David Stack -- Chief Executive Officer and Chairman

Thanks guys.


Your next question comes from the line of Tim Chiang with Northland Securities.

Tim Chiang -- Northland Securities -- Analyst

Hi, thanks, Dave, you talked a little bit about just some of the rebound numbers recently. Could you talk a little bit about just geographies in the U.S.? Where do you see elective surgeries coming back first? And sort of obviously, we're looking for a stabilization and then a recovery. Can you talk a little bit about how much of the pent-up demand you'll see come back in the fourth quarter and even maybe in the third quarter?

David Stack -- Chief Executive Officer and Chairman

Yes. And it is very much state-specific today, Tim. Thanks for the question, by the way. If you I mean, we get daily sales. So it's really a great tool to be able to get sales for last night this morning. And the states that are heavy ASC are the states that we tried to outline in the script. Florida, Texas, Georgia, California, our states that have a lot of ASCs. And when you look at the daily sales, you would see that we are that our the sales numbers that I called out in the script are heavily reliant on those markets. You would also see, Tim, and this is probably the nature of your question, that there are also other heavy ASC states like New Jersey.

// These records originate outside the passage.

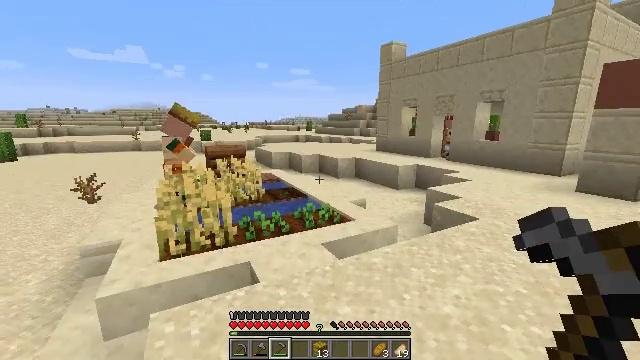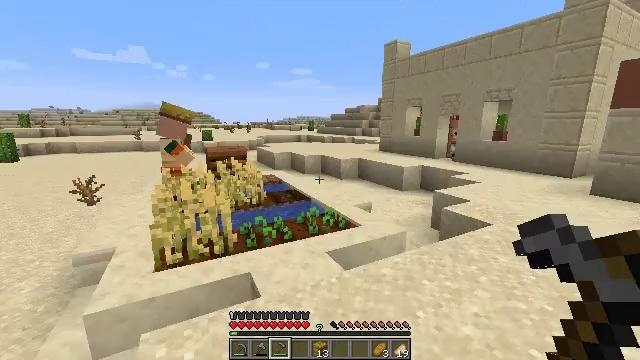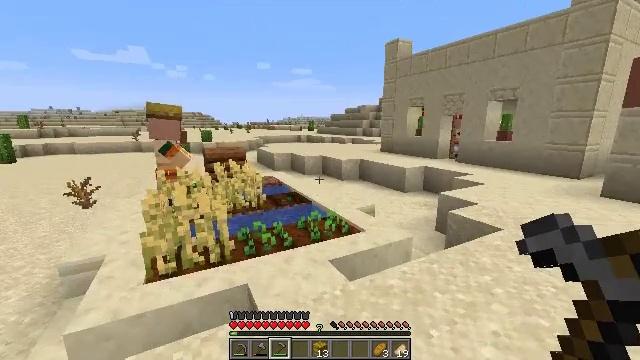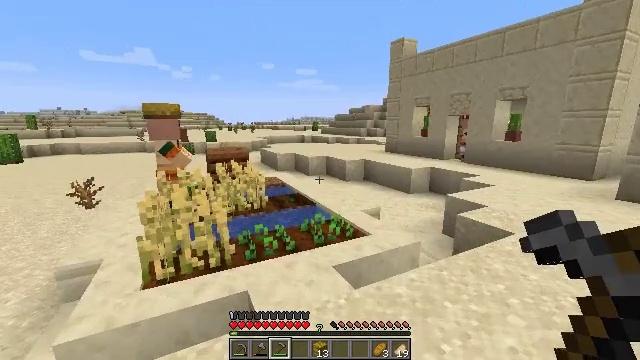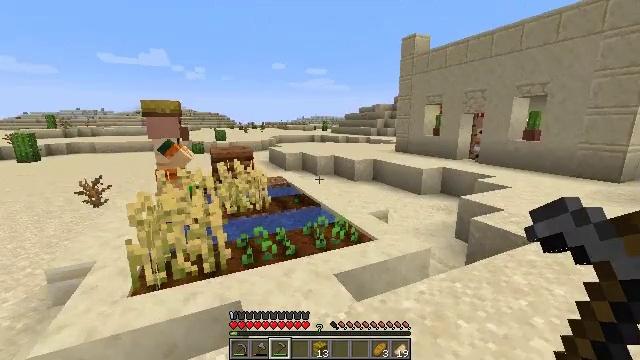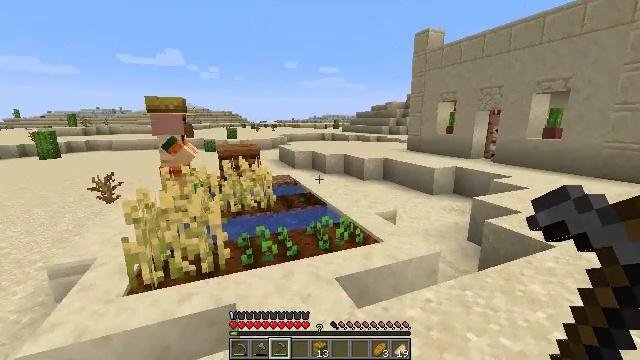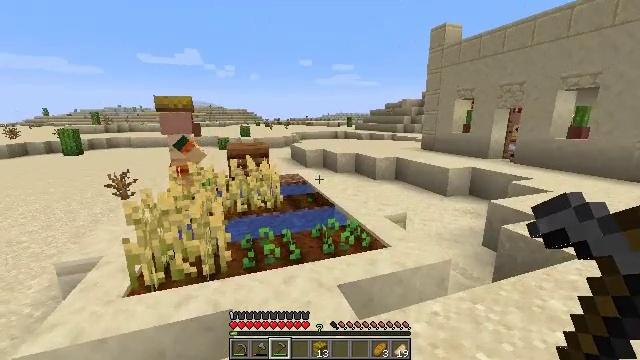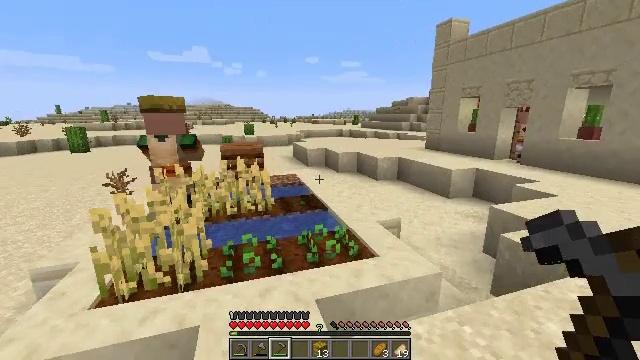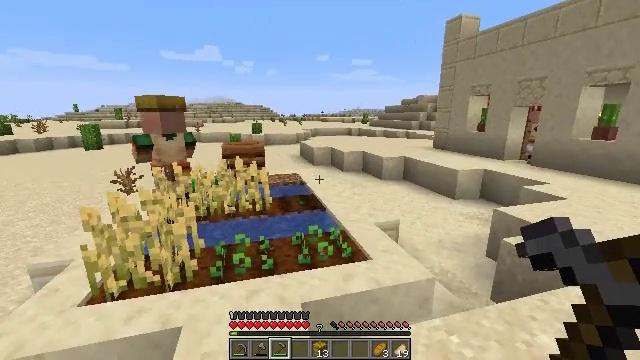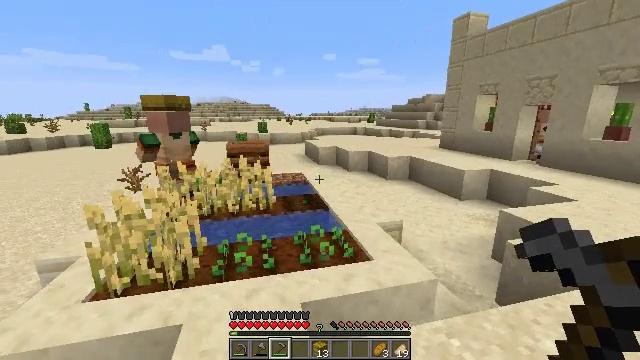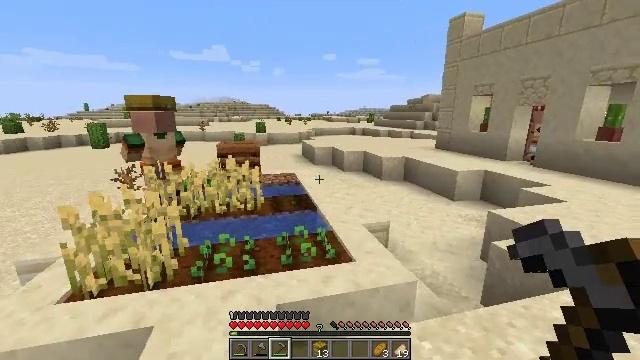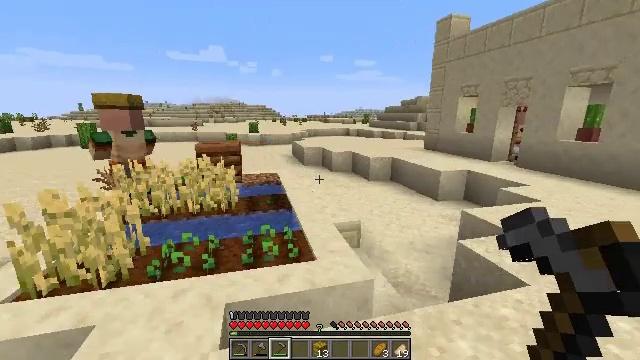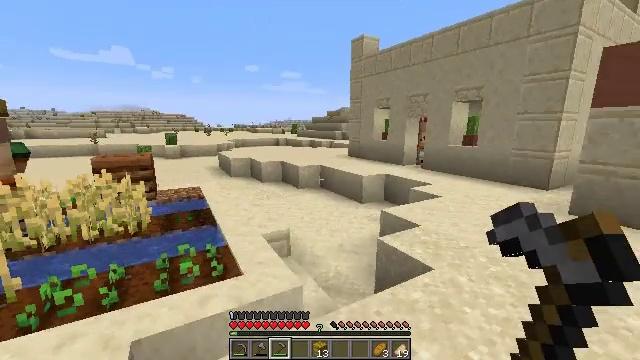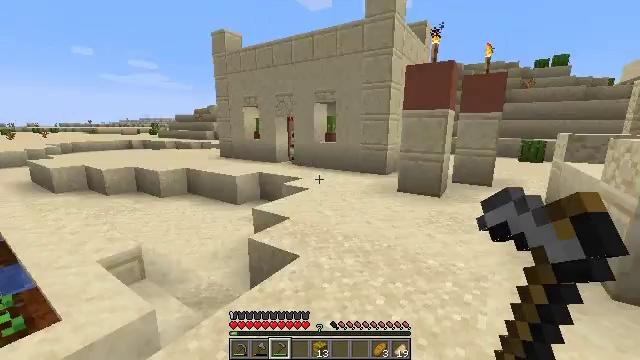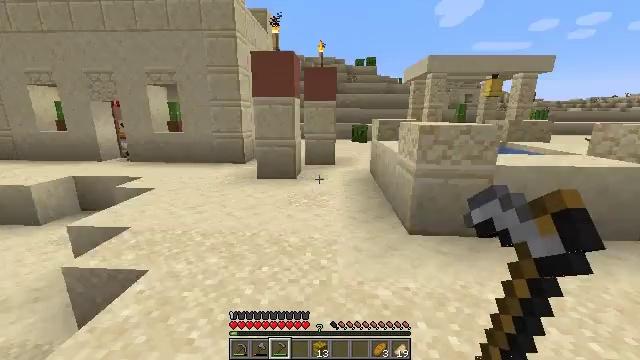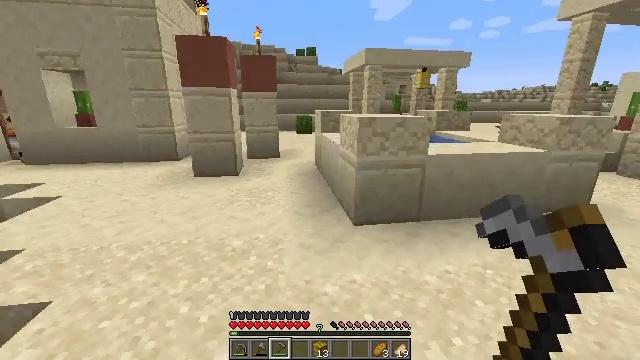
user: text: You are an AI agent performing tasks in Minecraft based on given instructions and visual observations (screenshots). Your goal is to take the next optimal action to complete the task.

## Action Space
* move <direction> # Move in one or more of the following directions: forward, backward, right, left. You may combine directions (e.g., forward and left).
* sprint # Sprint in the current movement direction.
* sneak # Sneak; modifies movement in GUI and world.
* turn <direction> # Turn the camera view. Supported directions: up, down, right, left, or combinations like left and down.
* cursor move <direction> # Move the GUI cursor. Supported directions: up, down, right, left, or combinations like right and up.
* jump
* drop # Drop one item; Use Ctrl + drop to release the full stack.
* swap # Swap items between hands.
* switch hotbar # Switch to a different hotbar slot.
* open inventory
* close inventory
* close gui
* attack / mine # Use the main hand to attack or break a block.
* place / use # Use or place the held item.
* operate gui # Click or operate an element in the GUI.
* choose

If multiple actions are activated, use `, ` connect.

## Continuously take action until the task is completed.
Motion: motion action
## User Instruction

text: Collect wheat crops.
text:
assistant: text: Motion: move forward
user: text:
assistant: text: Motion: move forward
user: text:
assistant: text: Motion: move forward and move right
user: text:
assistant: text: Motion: move forward and move right, turn left
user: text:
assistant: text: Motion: move forward and move right, turn left
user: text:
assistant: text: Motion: move forward and move right, turn left
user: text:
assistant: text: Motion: move right, turn left
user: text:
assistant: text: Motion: move right, turn left
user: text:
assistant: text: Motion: move right, turn left
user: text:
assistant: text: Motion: move right
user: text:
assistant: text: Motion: move right
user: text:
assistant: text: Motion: move right, turn right and up
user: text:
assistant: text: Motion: move right, turn right
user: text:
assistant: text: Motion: sprint, turn right and down
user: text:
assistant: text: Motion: move forward, sprint, turn right and down
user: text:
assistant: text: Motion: move forward, sprint, turn right
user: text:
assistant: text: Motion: move forward, sprint, turn right
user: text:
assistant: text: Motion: move forward, sprint, turn right
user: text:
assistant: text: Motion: move forward, sprint, turn right
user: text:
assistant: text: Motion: move forward, sprint, turn right
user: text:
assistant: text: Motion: move forward, sprint, turn right
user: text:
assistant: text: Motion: move forward and move right, sprint
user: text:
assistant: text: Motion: move forward and move right, sprint
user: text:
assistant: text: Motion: move forward and move right, sprint
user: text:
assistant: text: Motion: move forward and move right, sprint
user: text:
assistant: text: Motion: move forward and move right, sprint
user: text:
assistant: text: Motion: move forward and move right, sprint
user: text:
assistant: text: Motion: move forward and move right, sprint, jump
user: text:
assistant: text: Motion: move forward and move right, sprint, jump
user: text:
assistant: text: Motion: move forward and move right, sprint, jump

And there are several others, actually, but New Jersey is the one that's does a lot of ASC business, where we have virtually we're still in locked down. We have virtually no business in those places. And so I think that what we've seen so far is a very rapid recovery in about 1/3 of the market. And if those numbers prove to be true, it would suggest that we're going to do very well as the rest of the country opens up, the Carolinas, for example, New Jersey, as I stated, Pennsylvania. There are a number of other states where we would have a lot of ASC business in a normal course of business, and right now, we have virtually none. I should answer your question. No, I was going to say, Tim, I should go to the back half of the year. Yes, that's all going to be as I mentioned in my answer to David, we can't get to doing 80% to 85% of all of the said procedures we would have seen in 2020 unless we have participation from hospitals. So what we're seeing is the ambulatory centers and then some of the ancillary offices, as I said, plastic surgery and oral MFS are opening up where elective surgeries are allowed. What we'll need is for the hospitals to get back online. We think that's going to happen sometime early in the third quarter, at least that's our hope. But as you look out in time, that's what we're talking to surgeons about. Even in the states where we don't have current participation, we have guys who are telling us that they're scheduling cases that we're scheduling our educator teams to be in these different facilities for the first few cases,etc. So we think that as you go through the next couple of months, virtually all of the ASCs will be up in line in one form or another. And then we're just going to have to see how fast the hospitals can recover from COVID. We think in places like New York, it's going to take a long time. In other places, where we didn't have that same depth of an issue, we think they'll come online faster. But when you roll all that together, that's when you get to that 80% to 85%. We're allowing for that 15% to 20%, that just can't be done this year and most of those roll into 2021. It's and Tim, it's soft, as you know. I mean I'm extrapolating the numbers that you saw from last night, right? You'd see big numbers in California, big numbers in Texas, big numbers in Florida. And then you'd see states where normally, they would be huge supporters of EXPAREL, and we had one order from some states last night, just to give you a sense.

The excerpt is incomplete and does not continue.